Allí era imprescindible la linterna para regadores y viajeros, que era un perfeccionamiento del clásico "chiuchi". Tenía su tanquecito para el kerosene y su mecha de algodón entretejido, pero además se le había diseñado un bastidor de cánula de hojalata, para minimizar el peso, que soportaba un tubo de vidrio tratado para soportar mejor los bruscos cambios de temperatura. Un sistema de respiración para la disipación de los gases residuales y el calor y una asa de resistente alambre galvanizado. Habían muchas marcas, pero un arriero que se respetase, poseía una "Meva" checoslovaca, que llegaba por mar al Callao. Era muy buena, hasta la pintura color verde agua perlado, aguantaba el calor y el maltrato. De ésta compro varias Don Domingo, para los regadores de sus extensos alfalfares de Chacchán, que competían con los de la Hacienda Llanca, especialistas en semillas. El riego debía hacerse en la noche, para eludir el sol. Es que la alfalfa es muy exigente
            El ajetreo, inequívoca señal de vitalidad y a veces de bonanza, era el efecto ocasionado por las bulliciosas caravanas de Shipash huaín, Chulloc, Pira, Quiswar, Callanca, Shinán y muchos otros villorrios. Aunque la mayoría se abastecía en el Tambo dispuesto por don Domingo Zímic, a donde por consecuencia, estaba destinado un significativo porcentaje de la carga que traían los burros y mulas de Víctor Sifuentes; algunas recuas bajaban directamente a la Costa.
            Todos los arrieros se conocían y no obstante ser competidores, se respetaban y en cierto modo se estimaban. Hubo una ocasión en la que, entre trago y trago, le comprometieron a Don Hermógenes Aguedo, cajamarquillano muy dicharachero, a transportar veinte refrigeradoras a kerosene, del Puerto de Casma a los pueblos de Huaylas, Huallanca, Yungaypampa y La Pampa. Inteligentemente, Don "Illmu" optó por el apoyo del mejor. Víctor Sifuentes aceptó de inmediato el reto y fue así confederados, como se dieron maña para colocar los artefactos allá donde los clientes los querían. Con más animales y hartos operarios, las hicieron llegar a su destino, por los caminos de herradura de Moro, Jimbe, Santo Toribio y Mayucayán; sin un solo rasguño. Donde no había sendas establecidas, inventaron rutas y artificios, perturbando por cerca de dos meses, la apacibilidad de esos hermosos parajes, con su aparentemente extravagante oficio y sus singulares métodos.
             Con el Sr. Próspero Castillo de Pira, otro de los que capitaneaba una gran piara, luego de los consabidos informes de las condiciones de la ruta, era obligatorio un brindis con el pisquito de Moro o algún trago exótico como el cognac o el vermouth Cinzano; cada vez que se cruzaban.

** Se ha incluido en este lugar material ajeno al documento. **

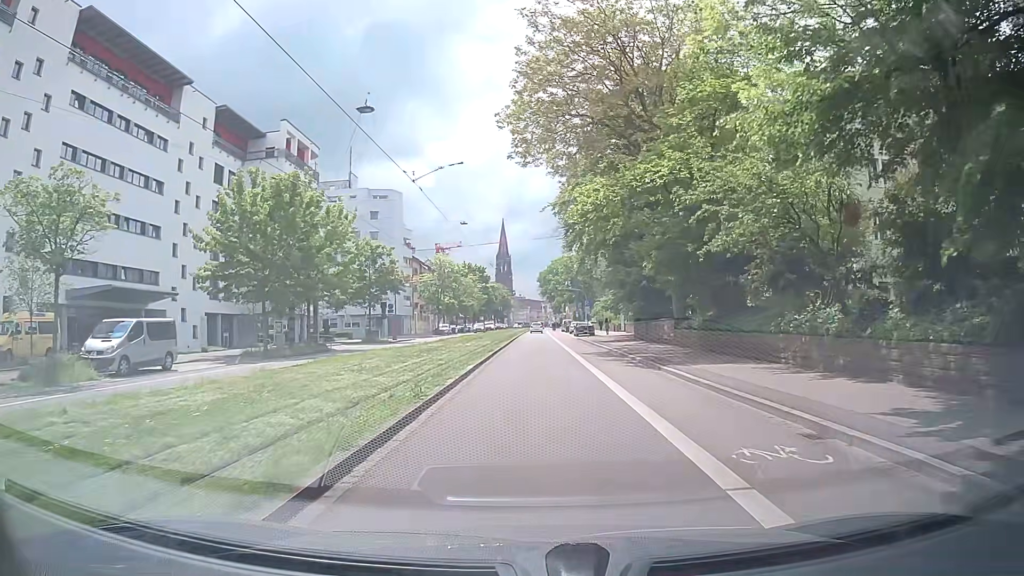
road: primary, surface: asphalt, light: Day
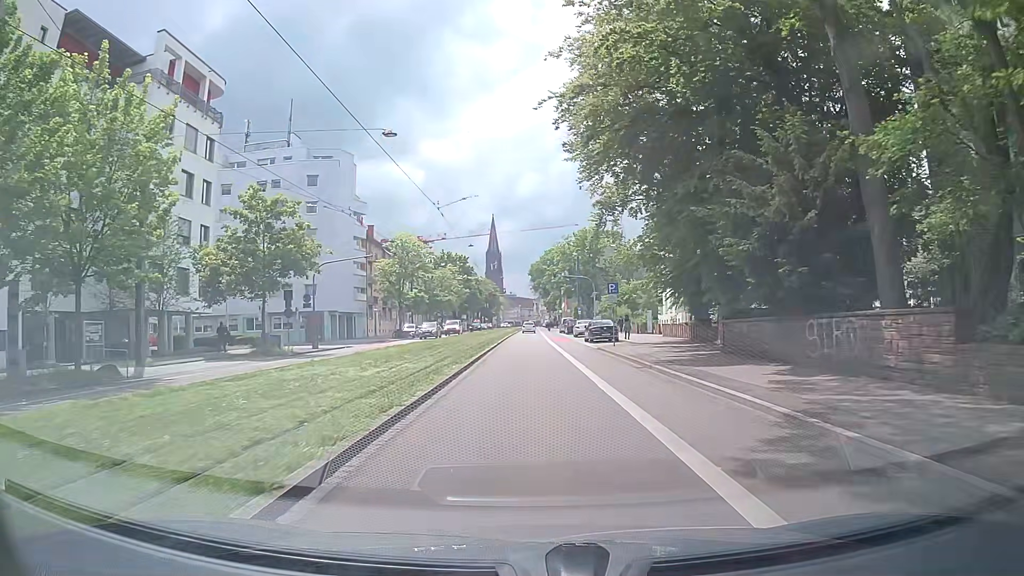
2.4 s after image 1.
(0.0, +23.7) m; 0°
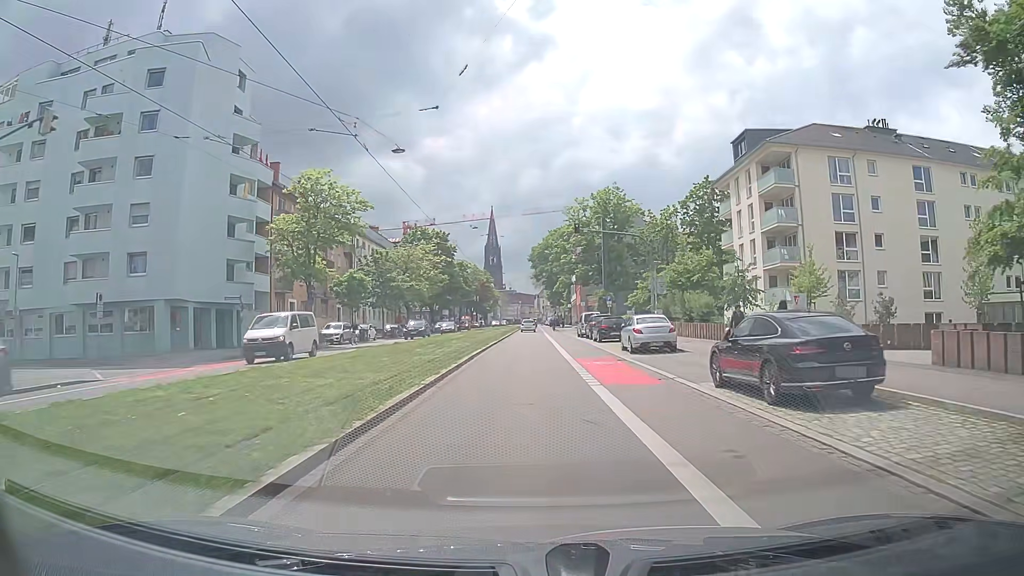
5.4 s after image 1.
(0.0, +32.4) m; 0°
(0, +10) (0, +20) (0, +30) (0, +40) (0, +50) (0, +60) (0, +70) (0, +80) (+1, +90) (+1, +100) m

-¡Arrieros somos y en el camino nos encontramos don Viccchu! –saludaba Don Próspero.

-¡Dios no nos prive de la dicha de estos encuentros, don Pushpi! – respondía Victor Sifuentes, con sus copas en alto, del trago recién servido. Porque a la recua se la reconocía aún antes de avistarla, por el característico tañido de sus campanillas.

-¡Para espantar al demonio! – remataba ofreciéndole su copa llena.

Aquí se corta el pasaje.